Ultimately, supermarkets are already on the path of improving consumers’ shopping experience and a few of the emerging technologies indicate the way this industry will continue to evolve.
6 Examples of food retail and supermarket trends
The below six examples demonstrate an emerging trend in grocery shopping, while also highlighting the need for accurate product information creation, curation and distribution.
- Ready-to-cook product bundles: Nice and very customer facing concept is done by German food retailer www.kochhaus.de (meaning house of cooking). The only offer product bundles of all ingredients which are required to cook a certain meal for the required number of guests. It can be seen as the look books which are well established at fashion brands and retailers sales strategy.
- Self-checkout Systems – More supermarkets are beginning to include self-checkouts. American and UK companies lead, Germany or Australia are behind. But there is the same risk of cart abandonment here as there is online, so providing a comprehensive and rich suite of product information at these POS systems is crucial.
- In-store Information Kiosks – Some supermarkets are beginning to include interactive displays in-store, with some even providing tablets mounted onto shopping trolleys. These displays serve in place of an in-store sales assistant, providing consumers with directions, promotions and complete access to product information (such as stock levels) on any item in the store.
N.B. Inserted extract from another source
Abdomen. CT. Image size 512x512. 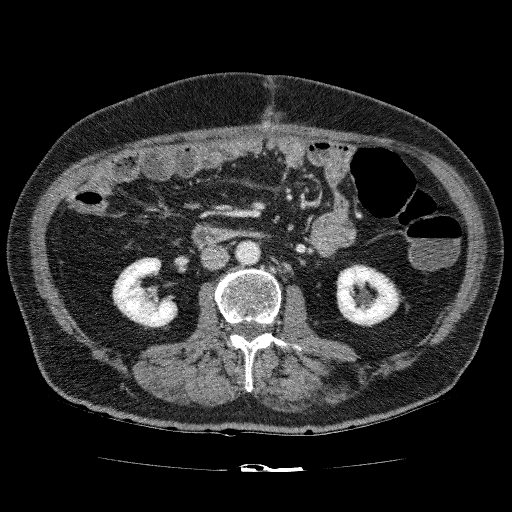 <segmentation>
  <kidney>region(337, 265, 398, 325); region(113, 258, 176, 327)</kidney>
</segmentation>

- Supermarket Pop-ups – Food retailers are increasingly experimenting and improving the traditional shopping experience. One example that has turned the bricks-and-mortar concept on its head is electronic shopping ‘walls’, where products are prominently displayed in a high-traffic area. Consumers are able to access product details and make purchases by scanning a code presented alongside the image of a given product.
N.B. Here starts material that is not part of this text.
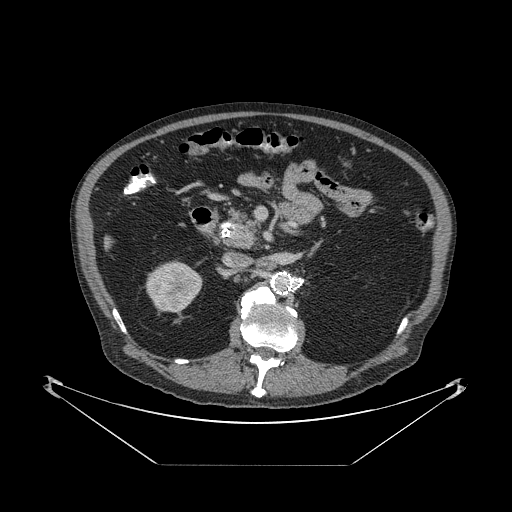 CT
The pancreas is at [225,209,259,248].

- Store-to-door Delivery Services – It’s starting to become commonplace. Not only are supermarkets offering same-day delivery services, the major brands are also experimenting with click and collect services. These supermarkets are moving toward websites that are just as busy and provide as much, if not more relevant content as their bricks-and-mortar outlets.
- App Commerce: Companies, like German food retailer Edeka offer an app for push marketing, or help matching customer profiles of dietary or allergy profiles with QR-code scanned products on the shopping list within the supermarket app.
What is next?
The supermarket of the future:
Reviving Customer Loyalty with leveraging information potential
Due to the increased transparency brought on by the ‘Google Era’, retailers have experienced a marked decline in customer loyalty. This concept of omnichannel shopping behaviour has led previously loyal customers to shop elsewhere.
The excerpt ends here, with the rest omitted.